The CCA operation poses additional problems. The CTF originally belonged to the District, but in 1997 the cash-strapped city sold part of its jail system to CCA for $52 million and then leased it back for $2.8 million a year to the company in a contract that ends in 2017. Through this deal, CCA made a 31 percent profit on its management fee alone.
While CCA may be a leader in profits margins, they are clearly unfit to run a criminal rehabilitation program. The report highlights a case of a deaf man with HIV who filed a suit in federal district court against the District claiming CCA jailers wouldn’t give him the medical care he required. The man had been sentenced to 60 days in jail for a domestic dispute and when he inquired about medical care during his incarceration, jailers place him in solitary confinement. When not in solitary confinement, the man was kept in handcuffs and denied the ability to speak to lawyers, his family, or his partner in sign language. A spokesperson for the CCA told the Washington Post that the company took the case of the deaf man “very seriously” and were working “diligently to accommodate any special needs” of people held at their facilities.
The report also found the youth facilities severely wanting, with an almost complete lack of any programming for juveniles held in the jail, and an excessive use of solitary confinement. A Solitary Watch investigation in 2013 also found that children charged as adults and held in the DC jails often spent months on end locked down 23 hours a day in barren cells, most often for “their own protection.” Children are further isolated from their families by often being forced to visit via video stream, rather than in person.
In order to address these inadequacies, the authors propose a series of recommendations.

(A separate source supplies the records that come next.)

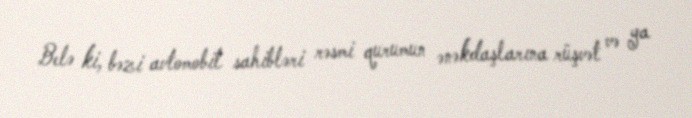
Belə ki, bəzi avtomobil sahibləri rəsmi qurumun ənəkdaşlarına rüşvət və ya
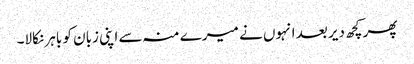
پھر کچھ دیر بعد انہوں نے میرے منہ سے اپنی زبان کو باہر نکالا۔
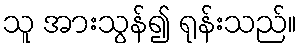
သူ အားသွန်၍ ရုန်းသည်။
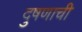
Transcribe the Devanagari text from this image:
दुषणाची
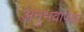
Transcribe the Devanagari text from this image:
अनुभवांपेक्षा
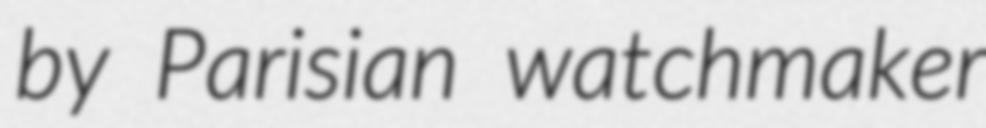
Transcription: by Parisian watchmaker
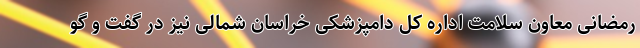
رمضانی معاون سلامت اداره کل دامپزشکی خراسان شمالی نیز در گفت و گو
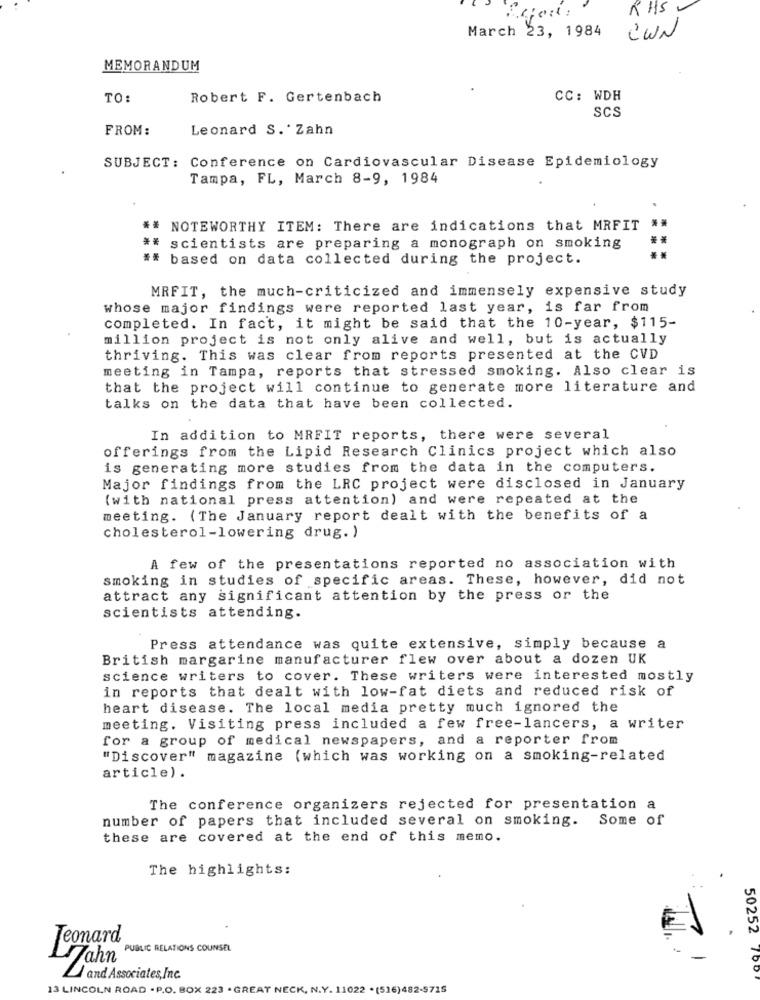
RHS
March 23, 1984
CWN
MEMORANDUM
TO:
Robert F. Gertenbach
CC: WDH
SCS
FROM:
Leonard S. Zahn
SUBJECT: Conference on Cardiovascular Disease Epidemiology
Tampa, FL, March 8-9, 1984
..
NOTEWORTHY ITEM: There are indications that MRFIT **
** scientists are preparing a monograph on smoking
## based on data collected during the project.
MRFIT, the much-criticized and immensely expensive study
whose major findings were reported last year, is far from
completed. In fact, it might be said that the 10-year, $115-
million project is not only alive and well, but is actually
thriving. This was clear from reports presented at the CVD
meeting in Tampa, reports that stressed smoking. Also clear is
that the project will continue to generate more literature and
talks on the data that have been collected.
In addition to MRFIT reports, there were several
offerings from the Lipid Research Clinics project which also
is generating more studies from the data in the computers.
Major findings from the LRC project were disclosed in January
(with national press attention) and were repeated at the
meeting. (The January report dealt with the benefits of a
cholesterol-lowering drug. )
A few of the presentations reported no association with
smoking in studies of specific areas. These, however, did not
attract any significant attention by the press or the
scientists attending.
Press attendance was quite extensive, simply because a
British margarine manufacturer flew over about a dozen UK
science writers to cover. These writers were interested mostly
in reports that dealt with low-fat diets and reduced risk of
heart disease. The local media pretty much ignored the
meeting. Visiting press included a few free-lancers, a writer
for a group of medical newspapers, and a reporter from
"Discover" magazine (which was working on a smoking-related
article) .
The conference organizers rejected for presentation a
number of papers that included several on smoking.
Some of
these are covered at the end of this memo.
The highlights:
50252
Leonard
PUBLIC RELATIONS COUNSEL
Jahn
and Associates,Inc.
13 LINCOLN ROAD . P.O. BOX 223 . GREAT NECK, N.Y. 11022 . (516)482-5715
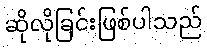
ဆိုလိုခြင်းဖြစ်ပါသည်
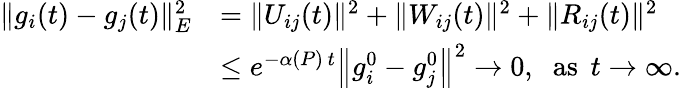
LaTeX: \begin{array}{rl}{\| g_{i}(t)-g_{j}(t)\| _{E}^{2}}&{=\| U_{ij}(t)\| ^{2}+\| W_{ij}(t)\| ^{2}+\| R_{ij}(t)\| ^{2}}\\ &{\leq e^{-\alpha(P)\, t}\left\| g_{i}^{0}-g_{j}^{0}\right\| ^{2}\to 0,\; \; \mathrm{as}\; \, t\to\infty.}\end{array}
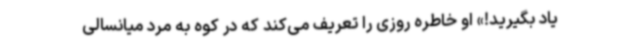
یاد بگیرید!» او خاطره روزی را تعریف می‌کند که در کوه به مرد میانسالی
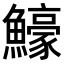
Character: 𬵵
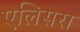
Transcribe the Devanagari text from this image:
एलिसरा
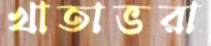
খাতাভরা
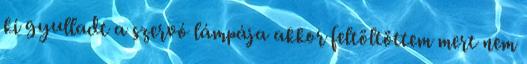
ki gyulladt a szervó lámpája akkor feltöltöttem mert nem
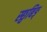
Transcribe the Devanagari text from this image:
स्छ्वबिङ्
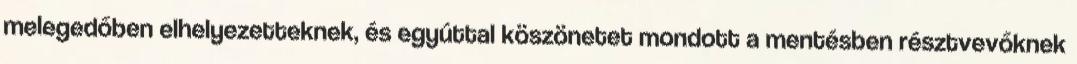
melegedőben elhelyezetteknek, és egyúttal köszönetet mondott a mentésben résztvevőknek
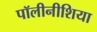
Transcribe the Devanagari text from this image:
पॉलीनीशिया
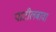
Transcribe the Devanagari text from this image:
पाटीलबावा
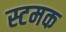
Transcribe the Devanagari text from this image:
स्टमक
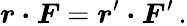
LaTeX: \boldsymbol r\boldsymbol\cdot\boldsymbol F=\boldsymbol r^{\prime}\boldsymbol\cdot\boldsymbol F^{\prime}\, .
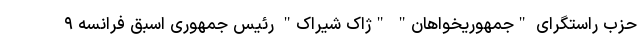
حزب راستگرای "جمهوریخواهان" "ژاک شیراک" رئیس جمهوری اسبق فرانسه ۹
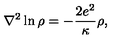
{ \nabla } ^ { 2 } \ln \rho = - \frac { 2 e ^ { 2 } } { \kappa } \rho ,
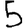
Digit: 5
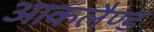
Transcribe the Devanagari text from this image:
आकलैण्ड
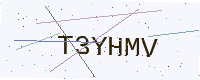
Text: T3YHMV
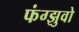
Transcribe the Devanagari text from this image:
फंग्झुवो
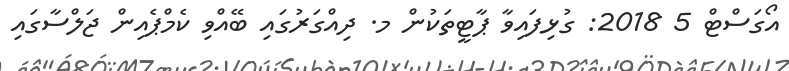
އޯގަސްޓް 5 2018: ގުޅިފައިވާ ޕާޓީތަކުން މ. ދިއްގަރުގައި ބޭއްވި ކެމްޕެއިން ޖަލްސާގައި
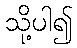
သို့ပါ၍
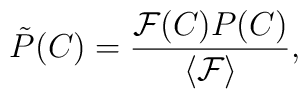
\tilde{P}(C)=\frac{\mathcal{F}(C)P(C)}{\langle\mathcal{F}\rangle},
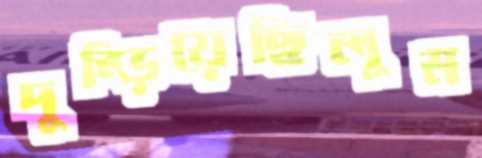
দুম্‌ড়িয়েছিলুম
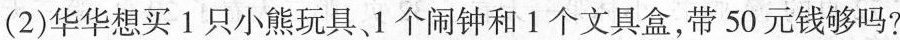
(2)华华想买1只小熊玩具、1个闹钟和1个文具盒，带50元钱够吗?
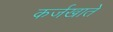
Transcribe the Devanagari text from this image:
कर्जखाते
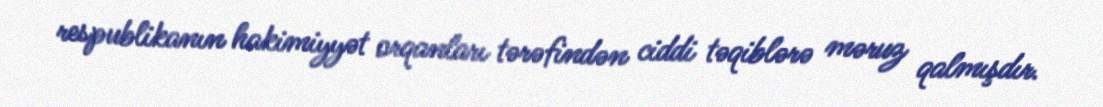
respublikanın hakimiyyət orqanları tərəfindən ciddi təqiblərə məruz qalmışdır.
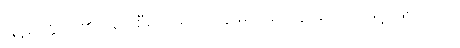
မြန်မာနိုင်ငံ၏တရားစီရင်ရေး ကဏ္ဍမှာ အကန့်အသတ်ဖြင့် ဖြစ်သည်။
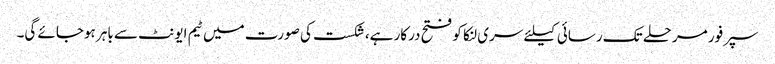
سپرفور مرحلے تک رسائی کیلئے سری لنکا کو فتح درکار ہے،شکست کی صورت میں ٹیم ایونٹ سے باہر ہوجائے گی۔
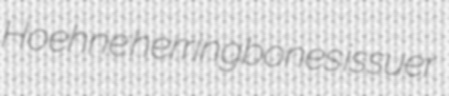
Hoehne herringbones issuer
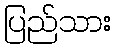
ပြည်သား
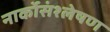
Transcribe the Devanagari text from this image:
नार्कोसंश्लेषण
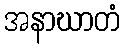
အနာဃာတံ
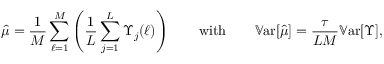
\hat { \mu } = \frac { 1 } { M } \sum _ { \ell = 1 } ^ { M } \left( \frac { 1 } { L } \sum _ { j = 1 } ^ { L } \Upsilon _ { j } ( \ell ) \right) \qquad \mathrm { w i t h } \qquad \mathbb { V } \mathrm { a r } [ \hat { \mu } ] = \frac { \tau } { L M } \mathbb { V } \mathrm { a r } [ \Upsilon ] ,
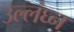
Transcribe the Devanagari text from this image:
उल्लंघ्न
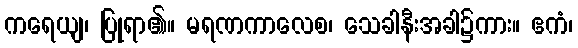
ကရေယျ၊ ပြုရာ၏။ မရဏကာလေစ၊ သေခါနီးအခါ၌ကား။ ဧကံ၊

The most dramatic of these is to demolish both the CDF and the CTF, which are physically beyond repair and no longer meet what the report calls “the District’s true correctional needs.”:
A new facility could be designed to address the prisoner population the District expects to have, and provide for the different prisoner populations, including men and women, those awaiting trial, those post-conviction awaiting transfer to the BOP, parole violators, juveniles of both sexes, individuals within each population who have special physical or mental health needs (including suicide monitoring), and individuals of all ages and gender who could benefit from substance abuse programming such as the SRTP [Secure Residential Treatment Program].

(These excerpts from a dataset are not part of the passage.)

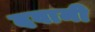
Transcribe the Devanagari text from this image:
दवामी
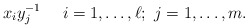
\begin{align*}x_i y^{-1}_j \ \ \ \ i = 1, \ldots , \ell; \ j = 1,\ldots , m.\end{align*}
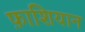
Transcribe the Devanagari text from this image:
फ़ाशियान
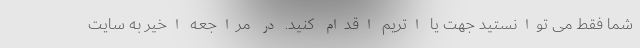
شما فقط می توانستید جهت یا اتریم اقدام کنید. در مراجعه اخیر به سایت
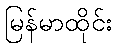
မြန်မာထိုင်း
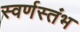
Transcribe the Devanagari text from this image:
स्वर्णस्तंभ
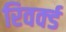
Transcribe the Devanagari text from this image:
रिवर्क्ड
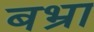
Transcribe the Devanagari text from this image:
बभ्रा
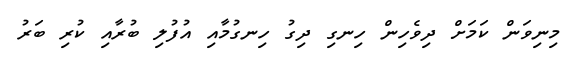
މިނިވަން ކަމަށް ދިވެހިން ހިނގި ދިގު ހިނގުމާއި އުފުލި ބުރާއި ކުރި ބަރު
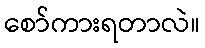
စော်ကားရတာလဲ။
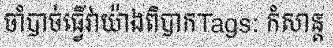
ចាំបាច់ធ្វើវាយ៉ាងពិបាកTags: កំសាន្ត
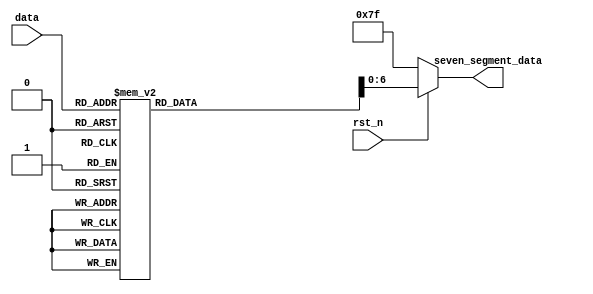
/**
 *  
 */

module seven_segment_encoder
(
	input wire rst_n,
	
	input wire [3:0]data,
	output wire [6:0]seven_segment_data
);
	parameter _0 = 8'b1100_0000, _1 = 8'b1111_1001, _2 = 8'b1010_0100, 
	          _3 = 8'b1011_0000, _4 = 8'b1001_1001, _5 = 8'b1001_0010,
			  _6 = 8'b1000_0010, _7 = 8'b1111_1000, _8 = 8'b1000_0000,
			  _9 = 8'b1001_0000, _a = 8'b1000_1000, _b = 8'b1000_0011,
			  _c = 8'b1100_0110, _d = 8'b1010_0001, _e = 8'b1000_0110,
			  _f = 8'b1000_1110;
				 
	
	reg [7:0]seven_segment_data_r;
	
	/********************************************/

	always @(*)
		if(!rst_n)
		begin
			seven_segment_data_r <= 8'hff;
		end
		else
			case(data)
				4'h0: seven_segment_data_r <= _0;
				4'h1: seven_segment_data_r <= _1;
				4'h2: seven_segment_data_r <= _2;
				4'h3: seven_segment_data_r <= _3;
				
				4'h4: seven_segment_data_r <= _4;
				4'h5: seven_segment_data_r <= _5;
				4'h6: seven_segment_data_r <= _6;
				4'h7: seven_segment_data_r <= _7;
				
				4'h8: seven_segment_data_r <= _8;
				4'h9: seven_segment_data_r <= _9;
				4'ha: seven_segment_data_r <= _a;
				4'hb: seven_segment_data_r <= _b;
				
				4'hc: seven_segment_data_r <= _c;
				4'hd: seven_segment_data_r <= _d;
				4'he: seven_segment_data_r <= _e;
				4'hf: seven_segment_data_r <= _f;
				
				default: seven_segment_data_r <= 8'hff;
			endcase
	
	/********************************************/
	
	assign seven_segment_data = seven_segment_data_r[6:0];

endmodule

People involved in the project say the immediate aim is to get the DC City Council to order a study, and then use that study to figure out who actually is in the jail system, what they did to get there and for how long. They then hope to see new rules written that would increase the number of people who get released on their own recognizance, reducing the number who are held in jail for not being able to raise relatively small amounts of bail. The information from the study might also help advocates argue for sentencing reform, and reduce the length of time people stay in jail.

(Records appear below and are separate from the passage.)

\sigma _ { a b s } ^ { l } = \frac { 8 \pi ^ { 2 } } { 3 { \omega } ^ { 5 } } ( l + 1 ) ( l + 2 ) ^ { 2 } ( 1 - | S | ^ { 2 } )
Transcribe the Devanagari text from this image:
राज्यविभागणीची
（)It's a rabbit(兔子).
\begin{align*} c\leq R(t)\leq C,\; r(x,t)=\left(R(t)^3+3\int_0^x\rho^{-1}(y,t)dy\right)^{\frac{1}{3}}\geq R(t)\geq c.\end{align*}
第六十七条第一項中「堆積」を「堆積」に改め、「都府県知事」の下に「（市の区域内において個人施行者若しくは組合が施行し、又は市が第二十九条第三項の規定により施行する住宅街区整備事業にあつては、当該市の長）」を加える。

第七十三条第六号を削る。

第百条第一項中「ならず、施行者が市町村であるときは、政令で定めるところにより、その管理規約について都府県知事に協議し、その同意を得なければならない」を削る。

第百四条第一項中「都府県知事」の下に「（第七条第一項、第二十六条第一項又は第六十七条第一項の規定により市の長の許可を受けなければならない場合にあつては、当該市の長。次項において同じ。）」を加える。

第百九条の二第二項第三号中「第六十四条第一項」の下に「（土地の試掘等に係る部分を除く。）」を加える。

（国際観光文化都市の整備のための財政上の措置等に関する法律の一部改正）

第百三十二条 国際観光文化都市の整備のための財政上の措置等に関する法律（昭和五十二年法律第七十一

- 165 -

The first step toward these goals has now been taken, as the D.C. City Council recently voted to spend $150,000 studying the future of the jail system. There have been several prior studies, however, none of them bearing results nearly as dramatic as the Washington Lawyers’ Committee recommends.
Another report recommendation is that the District allow its contract with CCA, which expires in 2017, to lapse, and kick the company out of the D.C. prison business. The company is a tough, adroit political infighter that spends millions a year lobbying at the federal, state, and local levels, and has made contributions to District mayoral and City Council races. If CCA goes, it likely will not go quietly.